The terms “program” or“software” are used herein in a generic sense to refer to any type of computer code or set of processor-executable instructions that can be employed to program a computer or other processor to implement various aspects of embodiments as discussed above. Additionally, it should be appreciated that according to one aspect, one or more computer programs that when executed perform methods of the disclosure provided herein need not reside on a single computer or processor, but may be distributed in a modular fashion among different computers or processors to implement various aspects of the technology described herein.
Processor-executable instructions may be in many forms, such as one or more program modules, executed by one or more computers or other devices. Generally, program modules include routines, programs, objects, components, data structures, etc. that perform particular tasks or implement particular abstract data types. Typically, the functionality of the program modules may be combined or distributed as desired in various embodiments.
Also, data structures may be stored in one or more non-transitory computer-readable storage media in any suitable form. For simplicity of illustration, data structures may be shown to have fields that are related through location in the data structure. Such relationships may likewise be achieved by assigning storage for the fields with locations in a non-transitory computer-readable medium that convey relationship between the fields. However, any suitable mechanism may be used to establish relationships among information in fields of a data structure, including through the use of pointers, tags or other mechanisms that establish relationships among data elements.
Also, various inventive concepts may be embodied as one or more processes, of which examples have been provided. The acts performed as part of each process may be ordered in any suitable way. Accordingly, embodiments may be constructed in which acts are performed in an order different than illustrated, which may include performing some acts simultaneously, even though shown as sequential acts in illustrative embodiments.

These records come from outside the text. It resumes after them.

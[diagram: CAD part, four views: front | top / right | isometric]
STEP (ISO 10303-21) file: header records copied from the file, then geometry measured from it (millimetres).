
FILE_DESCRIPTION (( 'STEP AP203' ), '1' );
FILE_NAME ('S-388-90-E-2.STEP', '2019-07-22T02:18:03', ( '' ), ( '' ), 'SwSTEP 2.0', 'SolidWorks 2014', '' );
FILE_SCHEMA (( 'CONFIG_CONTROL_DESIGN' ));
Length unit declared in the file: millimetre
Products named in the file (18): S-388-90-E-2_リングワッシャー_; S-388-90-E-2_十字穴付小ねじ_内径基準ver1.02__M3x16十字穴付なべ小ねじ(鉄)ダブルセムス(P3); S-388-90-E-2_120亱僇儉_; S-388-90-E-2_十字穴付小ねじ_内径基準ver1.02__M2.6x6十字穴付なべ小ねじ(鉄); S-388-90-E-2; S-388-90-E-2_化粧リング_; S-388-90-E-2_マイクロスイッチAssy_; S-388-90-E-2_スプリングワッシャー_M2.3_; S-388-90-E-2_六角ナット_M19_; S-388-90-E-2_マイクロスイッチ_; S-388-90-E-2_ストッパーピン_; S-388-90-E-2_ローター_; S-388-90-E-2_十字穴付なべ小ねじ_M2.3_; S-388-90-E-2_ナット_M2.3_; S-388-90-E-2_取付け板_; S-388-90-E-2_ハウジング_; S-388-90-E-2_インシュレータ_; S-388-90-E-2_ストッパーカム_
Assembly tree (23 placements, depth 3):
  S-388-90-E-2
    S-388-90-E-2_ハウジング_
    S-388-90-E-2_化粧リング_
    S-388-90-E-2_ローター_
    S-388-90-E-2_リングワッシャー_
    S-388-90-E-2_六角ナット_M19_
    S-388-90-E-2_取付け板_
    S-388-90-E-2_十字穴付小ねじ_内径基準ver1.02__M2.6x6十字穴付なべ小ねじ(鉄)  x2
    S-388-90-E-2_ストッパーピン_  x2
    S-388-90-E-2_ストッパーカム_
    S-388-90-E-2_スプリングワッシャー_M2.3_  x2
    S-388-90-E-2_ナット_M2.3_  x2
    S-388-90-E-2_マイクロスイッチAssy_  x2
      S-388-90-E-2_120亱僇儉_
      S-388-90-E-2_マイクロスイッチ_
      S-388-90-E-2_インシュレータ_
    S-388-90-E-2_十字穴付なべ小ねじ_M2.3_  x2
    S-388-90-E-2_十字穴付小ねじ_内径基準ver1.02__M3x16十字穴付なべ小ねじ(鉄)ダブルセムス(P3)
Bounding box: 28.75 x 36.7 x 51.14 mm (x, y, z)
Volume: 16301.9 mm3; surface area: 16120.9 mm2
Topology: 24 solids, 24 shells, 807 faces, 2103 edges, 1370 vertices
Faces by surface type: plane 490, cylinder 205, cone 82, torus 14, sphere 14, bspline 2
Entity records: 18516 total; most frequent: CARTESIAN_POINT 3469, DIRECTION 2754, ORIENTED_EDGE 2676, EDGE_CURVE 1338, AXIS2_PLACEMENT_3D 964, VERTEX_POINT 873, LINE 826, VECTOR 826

Use of ordinal terms such as “first,”“second,” “third,” etc., in the claims to modify a claim element does not by itself connote any priority, precedence, or order of one claim element over another or the temporal order in which acts of a method are performed. Such terms are used merely as labels to distinguish one claim element having a certain name from another element having a same name (but for use of the ordinal term).

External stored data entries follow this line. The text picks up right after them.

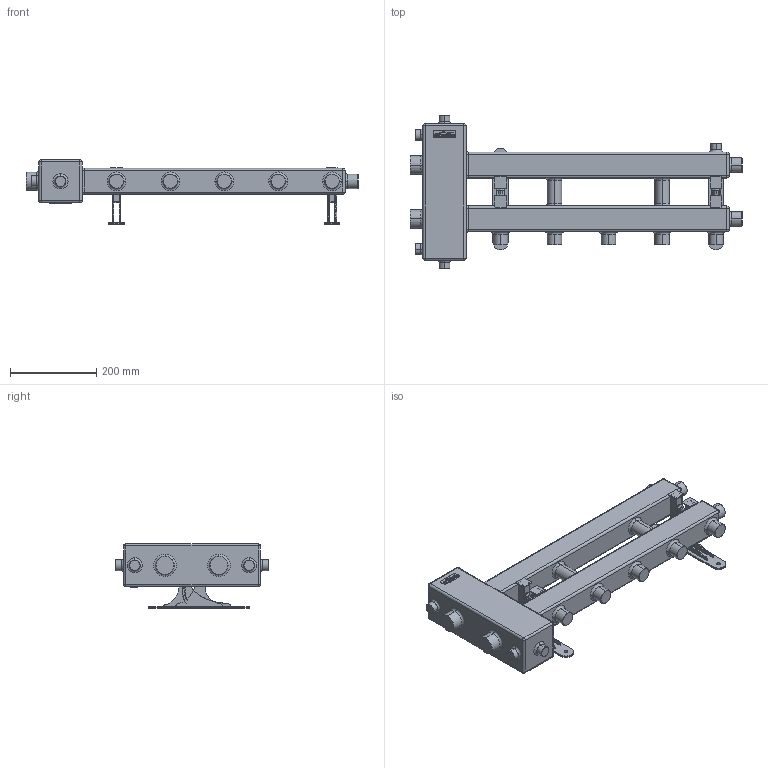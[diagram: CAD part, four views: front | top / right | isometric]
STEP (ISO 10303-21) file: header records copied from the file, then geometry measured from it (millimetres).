
FILE_DESCRIPTION (( 'STEP AP214' ), '1' );
FILE_NAME ('BM-100-3D.10+K.BM-100.STEP', '2017-01-28T16:01:08', ( '' ), ( '' ), 'SwSTEP 2.0', 'SolidWorks 2015', '' );
FILE_SCHEMA (( 'AUTOMOTIVE_DESIGN' ));
Length unit declared in the file: millimetre
Products named in the file (3): Êîïèÿ K.BM-100.01 3D-ìîäåëü äëÿ ñàéòà^BM-100.10+K.BM-100; Êîïèÿ BM-100-3D.10^BM-100.10+K.BM-100_BM-100-3D; BM-100-3D.10+K.BM-100
Assembly tree (3 placements, depth 2):
  BM-100-3D.10+K.BM-100
    Êîïèÿ BM-100-3D.10^BM-100.10+K.BM-100_BM-100-3D
    Êîïèÿ K.BM-100.01 3D-ìîäåëü äëÿ ñàéòà^BM-100.10+K.BM-100  x2
Bounding box: 770 x 357 x 150.5 mm (x, y, z)
Volume: 8136006.8 mm3; surface area: 587714.7 mm2
Topology: 3 solids, 3 shells, 1178 faces, 3166 edges, 2028 vertices
Faces by surface type: bspline 440, plane 418, cylinder 196, cone 64, torus 44, sphere 16
Entity records: 32403 total; most frequent: CARTESIAN_POINT 10329, ORIENTED_EDGE 5058, DIRECTION 3260, EDGE_CURVE 2529, VERTEX_POINT 1632, VECTOR 1290, LINE 1290, EDGE_LOOP 1017

The phraseology and terminology used herein is for the purpose of description and should not be regarded as limiting. The use of “including,” “comprising,” “having,” “containing”, “involving”, and variations thereof, is meant to encompass the items listed thereafter and additional items.
Having described several embodiments of the techniques described herein in detail, various modifications, and improvements will readily occur to those skilled in the art. Such modifications and improvements are intended to be within the spirit and scope of the disclosure. Accordingly, the foregoing description is by way of example only, and is not intended as limiting. The techniques are limited only as defined by the following claims and the equivalents thereto.